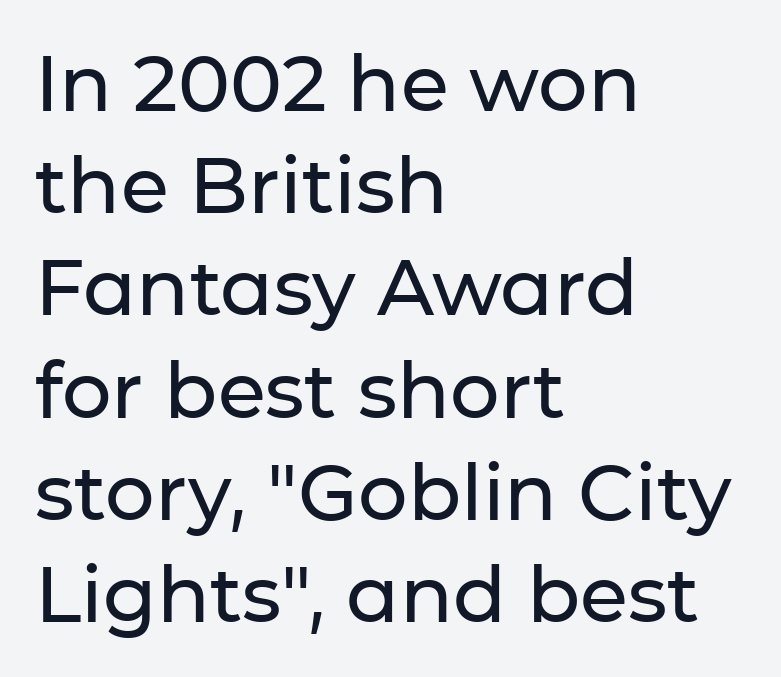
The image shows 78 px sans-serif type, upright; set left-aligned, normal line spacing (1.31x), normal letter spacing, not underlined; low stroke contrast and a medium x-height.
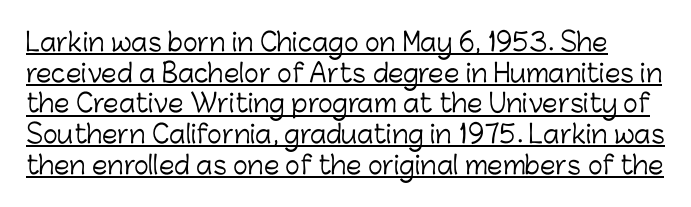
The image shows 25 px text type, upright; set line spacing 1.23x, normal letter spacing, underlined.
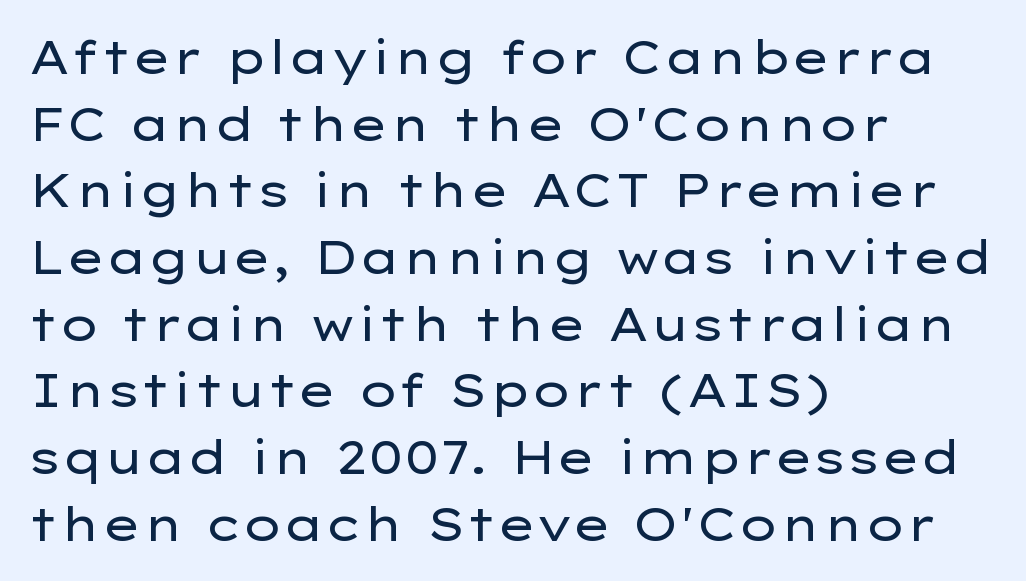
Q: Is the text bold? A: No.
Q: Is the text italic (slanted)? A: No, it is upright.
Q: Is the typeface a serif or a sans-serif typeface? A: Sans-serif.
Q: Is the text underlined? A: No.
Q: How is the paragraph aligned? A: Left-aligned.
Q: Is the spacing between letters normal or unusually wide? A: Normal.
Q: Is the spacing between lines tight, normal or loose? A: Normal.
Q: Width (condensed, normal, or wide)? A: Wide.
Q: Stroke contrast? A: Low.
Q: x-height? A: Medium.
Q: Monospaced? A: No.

--

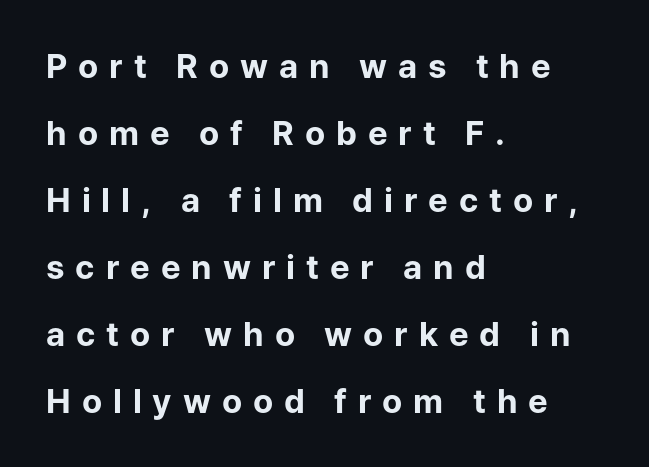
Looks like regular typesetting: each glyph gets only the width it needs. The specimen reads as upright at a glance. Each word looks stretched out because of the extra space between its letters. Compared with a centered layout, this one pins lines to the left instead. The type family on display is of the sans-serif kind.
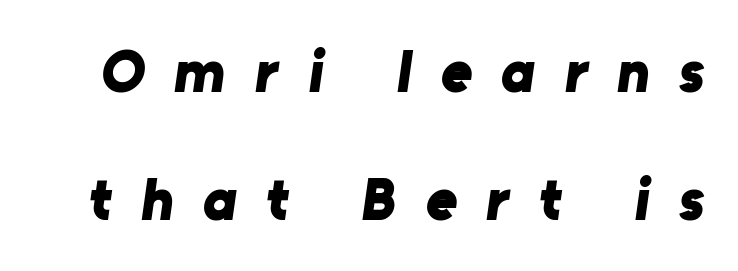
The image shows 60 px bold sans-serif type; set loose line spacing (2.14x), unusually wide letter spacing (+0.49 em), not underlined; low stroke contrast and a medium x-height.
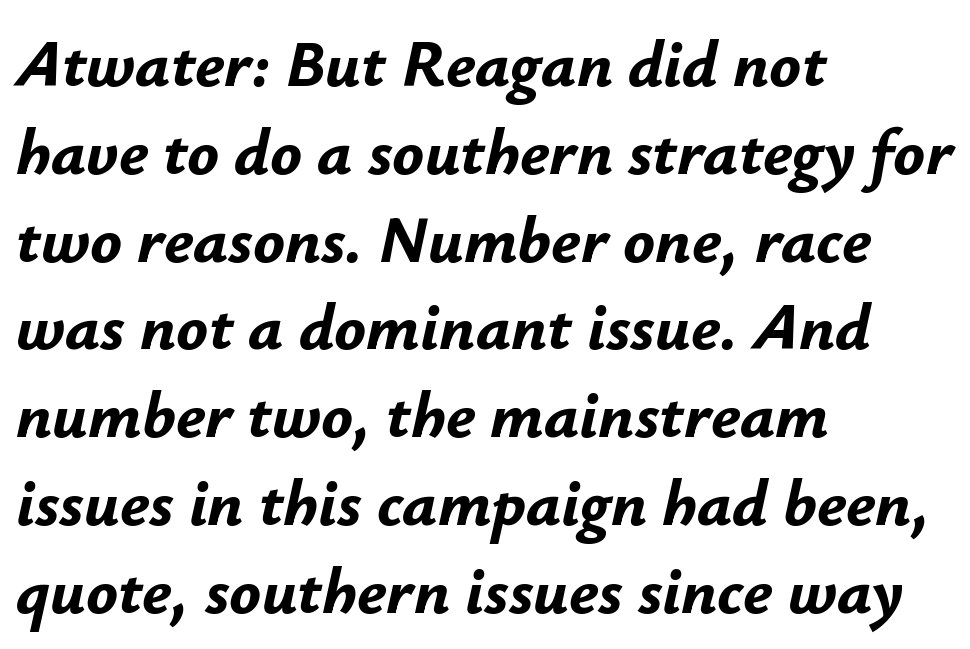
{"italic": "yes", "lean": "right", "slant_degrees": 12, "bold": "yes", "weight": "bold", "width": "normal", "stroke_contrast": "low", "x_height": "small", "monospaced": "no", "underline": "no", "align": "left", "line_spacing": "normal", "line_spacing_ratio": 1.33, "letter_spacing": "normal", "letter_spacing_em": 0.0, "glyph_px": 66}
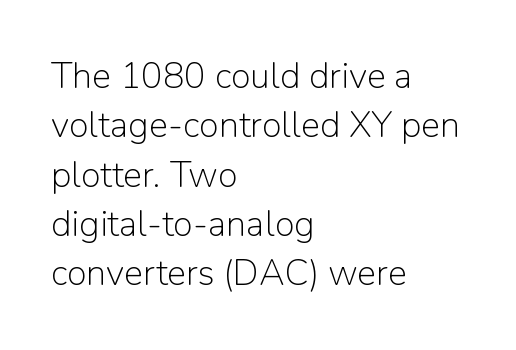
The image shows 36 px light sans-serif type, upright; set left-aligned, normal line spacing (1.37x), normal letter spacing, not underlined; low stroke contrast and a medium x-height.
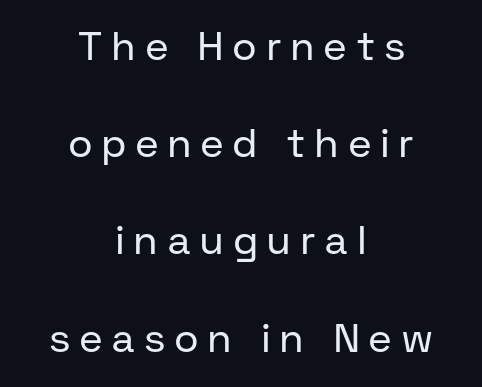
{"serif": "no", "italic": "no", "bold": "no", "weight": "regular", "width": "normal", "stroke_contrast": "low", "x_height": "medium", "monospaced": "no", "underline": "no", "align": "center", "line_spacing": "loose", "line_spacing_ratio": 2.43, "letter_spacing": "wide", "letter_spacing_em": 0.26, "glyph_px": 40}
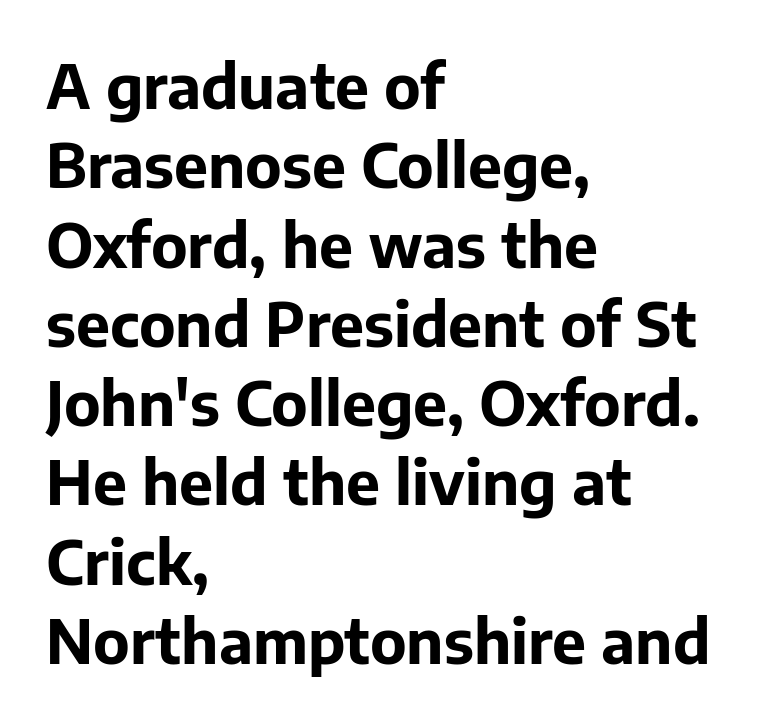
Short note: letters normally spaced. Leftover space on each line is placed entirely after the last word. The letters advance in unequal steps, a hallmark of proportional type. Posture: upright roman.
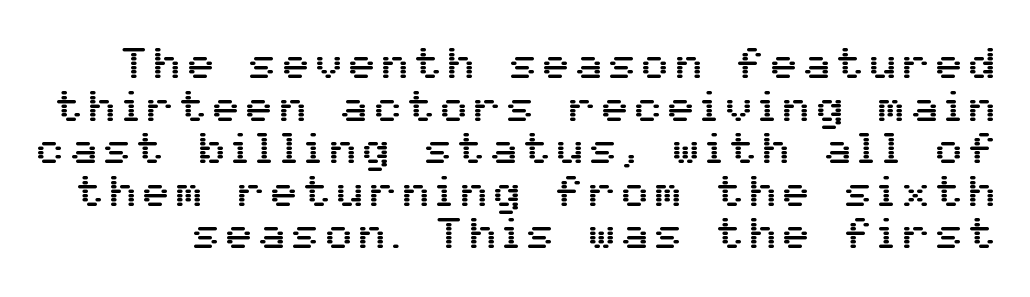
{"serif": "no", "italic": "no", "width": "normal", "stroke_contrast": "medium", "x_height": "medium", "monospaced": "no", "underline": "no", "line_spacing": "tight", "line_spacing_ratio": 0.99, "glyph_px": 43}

---

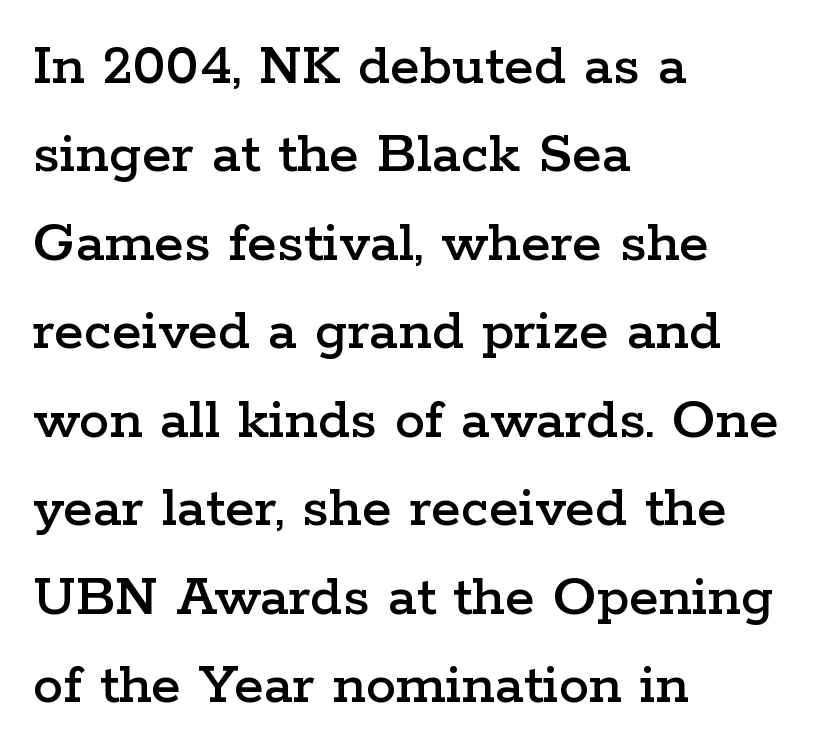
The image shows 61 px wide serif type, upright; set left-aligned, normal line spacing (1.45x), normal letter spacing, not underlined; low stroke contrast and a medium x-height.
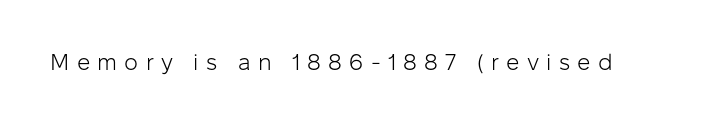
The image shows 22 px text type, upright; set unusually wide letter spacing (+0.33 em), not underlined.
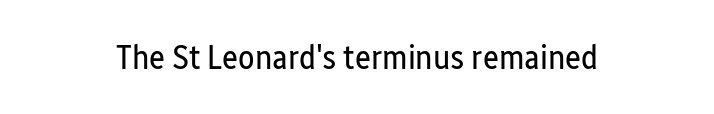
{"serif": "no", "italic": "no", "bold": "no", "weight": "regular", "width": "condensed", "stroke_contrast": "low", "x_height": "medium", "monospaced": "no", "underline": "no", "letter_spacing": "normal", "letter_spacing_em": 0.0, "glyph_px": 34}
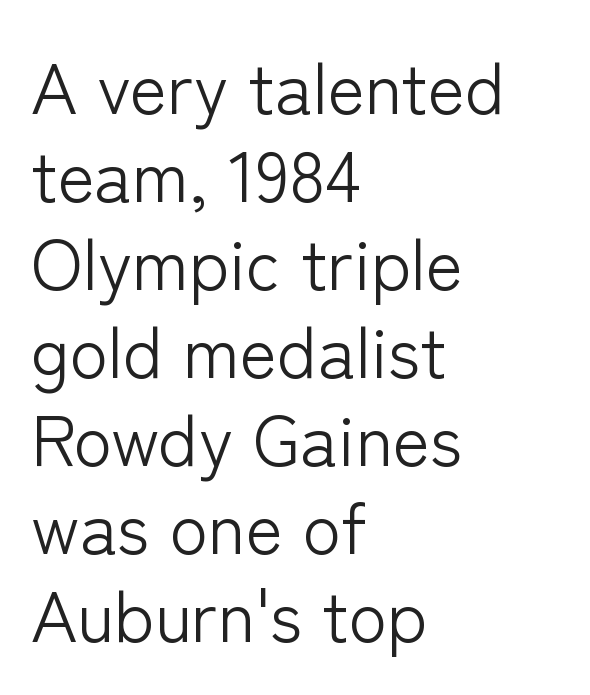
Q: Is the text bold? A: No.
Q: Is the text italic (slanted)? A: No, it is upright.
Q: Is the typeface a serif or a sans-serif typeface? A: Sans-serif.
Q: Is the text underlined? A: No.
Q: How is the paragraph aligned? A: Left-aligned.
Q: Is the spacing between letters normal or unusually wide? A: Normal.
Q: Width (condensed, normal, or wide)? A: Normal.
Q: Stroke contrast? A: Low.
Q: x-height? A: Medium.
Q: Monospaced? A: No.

* How to complete this task:
Reproduce each line of the material that mentions "word".

* Response for this exercise:
Looks like regular typesetting: each glyph gets only the width it needs. The specimen reads as upright at a glance. Each word looks stretched out because of the extra space between its letters. Compared with a centered layout, this one pins lines to the left instead. The type family on display is of the sans-serif kind.
Short note: letters normally spaced. Leftover space on each line is placed entirely after the last word. The letters advance in unequal steps, a hallmark of proportional type. Posture: upright roman.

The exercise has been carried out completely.